Comment 32 Joseph Pecoraro 2010-04-22 08:16:07 PDT
(In reply to comment #31)
> The control character glyphs should clearly not be displayed in a
> "display" environment, but there is some disagreement as to whether control
> characters ought to be displayed in an "edit" environment, and also how to
> indicate to the browser to turn on or force their display.  I e-mailed several
> people about this, but this was never resolved.  I think it makes sense for
> glyphs to be displayed in "edit mode" (since otherwise how would one know if
> one has typed, e.g., an invisible zero-width character?), but I was not able to
> find any standards or documentation that defines when this should happen.  If
> such a standard does not exist, one ought to be made.

I see. Thanks for the explanation!

I also don't really know what makes the most sense for these characters in an "edit mode" context.

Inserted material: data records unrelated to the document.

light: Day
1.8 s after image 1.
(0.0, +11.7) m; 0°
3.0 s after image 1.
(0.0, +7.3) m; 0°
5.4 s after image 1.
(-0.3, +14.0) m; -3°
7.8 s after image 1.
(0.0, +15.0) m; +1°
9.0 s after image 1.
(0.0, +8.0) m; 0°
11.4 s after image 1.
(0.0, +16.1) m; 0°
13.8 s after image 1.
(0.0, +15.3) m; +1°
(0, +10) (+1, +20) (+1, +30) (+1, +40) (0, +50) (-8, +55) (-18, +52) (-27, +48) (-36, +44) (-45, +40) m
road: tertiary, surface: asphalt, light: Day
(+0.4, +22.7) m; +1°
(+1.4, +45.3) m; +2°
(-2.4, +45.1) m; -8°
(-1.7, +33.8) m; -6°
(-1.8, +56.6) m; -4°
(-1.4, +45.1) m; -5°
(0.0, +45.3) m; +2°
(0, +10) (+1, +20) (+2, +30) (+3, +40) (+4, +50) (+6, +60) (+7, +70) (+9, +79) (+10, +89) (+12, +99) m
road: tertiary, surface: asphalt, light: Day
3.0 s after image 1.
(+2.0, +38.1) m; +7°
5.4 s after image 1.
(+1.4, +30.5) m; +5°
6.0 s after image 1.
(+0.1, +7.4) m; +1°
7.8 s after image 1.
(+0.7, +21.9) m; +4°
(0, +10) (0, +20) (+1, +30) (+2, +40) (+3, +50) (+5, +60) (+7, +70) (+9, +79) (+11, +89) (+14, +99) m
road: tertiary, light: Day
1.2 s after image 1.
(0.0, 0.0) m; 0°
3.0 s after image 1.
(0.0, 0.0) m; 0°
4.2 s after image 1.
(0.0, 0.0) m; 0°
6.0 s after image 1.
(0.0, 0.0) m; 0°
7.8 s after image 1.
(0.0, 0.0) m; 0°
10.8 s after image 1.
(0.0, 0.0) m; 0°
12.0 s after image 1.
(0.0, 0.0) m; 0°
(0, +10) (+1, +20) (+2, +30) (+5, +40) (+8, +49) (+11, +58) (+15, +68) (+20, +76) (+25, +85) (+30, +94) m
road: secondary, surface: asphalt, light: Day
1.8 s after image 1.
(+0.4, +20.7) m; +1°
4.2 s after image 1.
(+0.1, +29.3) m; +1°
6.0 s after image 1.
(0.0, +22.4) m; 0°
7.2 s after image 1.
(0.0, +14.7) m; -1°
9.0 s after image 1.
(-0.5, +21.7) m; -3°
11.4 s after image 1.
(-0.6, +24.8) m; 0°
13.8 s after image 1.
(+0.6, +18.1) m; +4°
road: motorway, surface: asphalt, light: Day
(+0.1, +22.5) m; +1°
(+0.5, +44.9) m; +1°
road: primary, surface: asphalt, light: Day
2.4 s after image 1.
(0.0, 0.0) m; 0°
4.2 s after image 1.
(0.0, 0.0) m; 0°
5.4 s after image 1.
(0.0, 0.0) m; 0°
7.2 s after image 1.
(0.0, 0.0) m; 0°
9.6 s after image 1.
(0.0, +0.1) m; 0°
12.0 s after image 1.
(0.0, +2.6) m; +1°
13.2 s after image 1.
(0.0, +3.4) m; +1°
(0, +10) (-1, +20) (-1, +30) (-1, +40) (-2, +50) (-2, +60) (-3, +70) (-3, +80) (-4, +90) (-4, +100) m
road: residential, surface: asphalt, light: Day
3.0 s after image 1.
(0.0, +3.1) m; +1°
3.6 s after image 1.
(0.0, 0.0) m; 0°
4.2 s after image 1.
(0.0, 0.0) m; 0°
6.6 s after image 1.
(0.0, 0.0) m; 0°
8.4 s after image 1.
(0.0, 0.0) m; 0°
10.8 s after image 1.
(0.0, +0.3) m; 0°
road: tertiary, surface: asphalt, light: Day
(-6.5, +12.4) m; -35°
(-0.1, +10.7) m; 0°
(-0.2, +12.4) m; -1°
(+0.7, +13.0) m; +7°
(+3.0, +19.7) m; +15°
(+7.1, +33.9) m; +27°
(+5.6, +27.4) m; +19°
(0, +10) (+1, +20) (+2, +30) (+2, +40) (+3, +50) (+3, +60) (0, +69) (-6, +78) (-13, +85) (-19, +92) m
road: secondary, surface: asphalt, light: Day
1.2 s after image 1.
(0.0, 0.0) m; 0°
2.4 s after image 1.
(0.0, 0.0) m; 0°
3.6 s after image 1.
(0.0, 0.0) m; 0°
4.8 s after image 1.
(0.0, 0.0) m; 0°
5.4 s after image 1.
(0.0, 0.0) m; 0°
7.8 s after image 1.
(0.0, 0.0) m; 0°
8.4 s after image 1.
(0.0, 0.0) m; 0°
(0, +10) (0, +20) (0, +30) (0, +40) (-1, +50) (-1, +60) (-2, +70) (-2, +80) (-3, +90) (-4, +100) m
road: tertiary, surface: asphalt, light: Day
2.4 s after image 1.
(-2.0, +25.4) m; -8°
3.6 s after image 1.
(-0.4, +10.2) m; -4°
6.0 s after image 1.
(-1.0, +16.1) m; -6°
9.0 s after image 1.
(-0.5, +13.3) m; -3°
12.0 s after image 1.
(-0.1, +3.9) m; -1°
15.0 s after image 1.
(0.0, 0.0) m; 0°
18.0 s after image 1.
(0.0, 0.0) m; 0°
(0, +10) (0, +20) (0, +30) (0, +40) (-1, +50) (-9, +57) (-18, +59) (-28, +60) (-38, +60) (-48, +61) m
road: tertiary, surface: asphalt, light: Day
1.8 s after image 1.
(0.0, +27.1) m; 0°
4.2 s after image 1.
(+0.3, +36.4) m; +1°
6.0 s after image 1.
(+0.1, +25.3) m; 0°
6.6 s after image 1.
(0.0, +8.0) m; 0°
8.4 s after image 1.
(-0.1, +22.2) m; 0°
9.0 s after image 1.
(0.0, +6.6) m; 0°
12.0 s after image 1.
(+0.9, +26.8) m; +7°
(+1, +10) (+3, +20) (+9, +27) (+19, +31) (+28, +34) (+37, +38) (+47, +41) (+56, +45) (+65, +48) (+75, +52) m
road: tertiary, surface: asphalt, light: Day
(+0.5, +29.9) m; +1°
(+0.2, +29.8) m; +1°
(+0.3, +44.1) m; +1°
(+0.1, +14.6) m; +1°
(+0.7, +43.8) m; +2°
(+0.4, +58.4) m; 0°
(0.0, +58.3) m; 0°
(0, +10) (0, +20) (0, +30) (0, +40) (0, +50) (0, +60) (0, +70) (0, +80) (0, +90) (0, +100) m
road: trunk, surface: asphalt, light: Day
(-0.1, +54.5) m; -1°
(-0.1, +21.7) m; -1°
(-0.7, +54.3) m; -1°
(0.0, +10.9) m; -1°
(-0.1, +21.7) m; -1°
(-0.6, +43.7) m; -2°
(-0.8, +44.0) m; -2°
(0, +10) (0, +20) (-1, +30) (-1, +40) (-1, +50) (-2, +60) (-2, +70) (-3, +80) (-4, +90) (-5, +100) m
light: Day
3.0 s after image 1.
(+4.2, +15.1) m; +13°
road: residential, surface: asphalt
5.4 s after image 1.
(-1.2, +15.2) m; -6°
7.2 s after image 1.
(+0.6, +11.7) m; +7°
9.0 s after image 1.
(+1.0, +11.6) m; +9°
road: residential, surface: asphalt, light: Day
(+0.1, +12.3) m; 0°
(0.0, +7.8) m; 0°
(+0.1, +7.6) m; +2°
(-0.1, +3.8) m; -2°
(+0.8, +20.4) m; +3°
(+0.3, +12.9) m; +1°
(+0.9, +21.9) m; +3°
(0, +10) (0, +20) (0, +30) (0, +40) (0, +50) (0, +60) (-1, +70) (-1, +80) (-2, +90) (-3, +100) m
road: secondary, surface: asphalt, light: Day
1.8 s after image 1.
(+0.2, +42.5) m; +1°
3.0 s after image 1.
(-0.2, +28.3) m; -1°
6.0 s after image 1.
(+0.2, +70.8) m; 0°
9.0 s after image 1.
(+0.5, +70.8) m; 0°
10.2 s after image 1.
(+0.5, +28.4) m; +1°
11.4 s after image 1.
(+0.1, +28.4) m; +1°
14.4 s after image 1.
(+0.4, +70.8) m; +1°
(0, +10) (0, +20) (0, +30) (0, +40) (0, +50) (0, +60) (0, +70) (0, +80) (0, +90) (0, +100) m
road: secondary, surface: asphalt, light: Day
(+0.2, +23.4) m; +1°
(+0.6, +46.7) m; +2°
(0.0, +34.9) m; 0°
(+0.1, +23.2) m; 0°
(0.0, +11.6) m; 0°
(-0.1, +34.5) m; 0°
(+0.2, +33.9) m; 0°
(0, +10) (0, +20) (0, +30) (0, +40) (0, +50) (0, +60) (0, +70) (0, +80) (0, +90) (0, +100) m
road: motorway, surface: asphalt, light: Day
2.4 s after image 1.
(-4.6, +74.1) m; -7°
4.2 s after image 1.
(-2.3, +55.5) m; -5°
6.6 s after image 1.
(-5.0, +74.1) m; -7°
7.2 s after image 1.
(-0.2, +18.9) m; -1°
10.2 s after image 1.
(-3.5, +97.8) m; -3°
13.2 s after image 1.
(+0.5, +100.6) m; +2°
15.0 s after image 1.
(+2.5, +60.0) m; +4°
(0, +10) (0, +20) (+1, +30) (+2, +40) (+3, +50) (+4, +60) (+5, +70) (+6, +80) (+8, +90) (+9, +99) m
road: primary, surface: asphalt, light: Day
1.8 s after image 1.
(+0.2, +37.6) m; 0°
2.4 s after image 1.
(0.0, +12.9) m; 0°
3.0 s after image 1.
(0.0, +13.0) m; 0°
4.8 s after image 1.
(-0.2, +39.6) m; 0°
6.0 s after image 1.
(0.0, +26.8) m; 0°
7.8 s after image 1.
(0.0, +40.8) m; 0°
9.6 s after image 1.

Comment 33 Darin Adler 2010-04-22 17:38:22 PDT
While it seems fine to make these joining characters detectable in “edit mode”, I don’t think the right way to do it is to make them visible characters. The fact that characters are used to achieve the effect seems like an implementation detail to me, akin to displaying "<b>" instead of just showing bold text.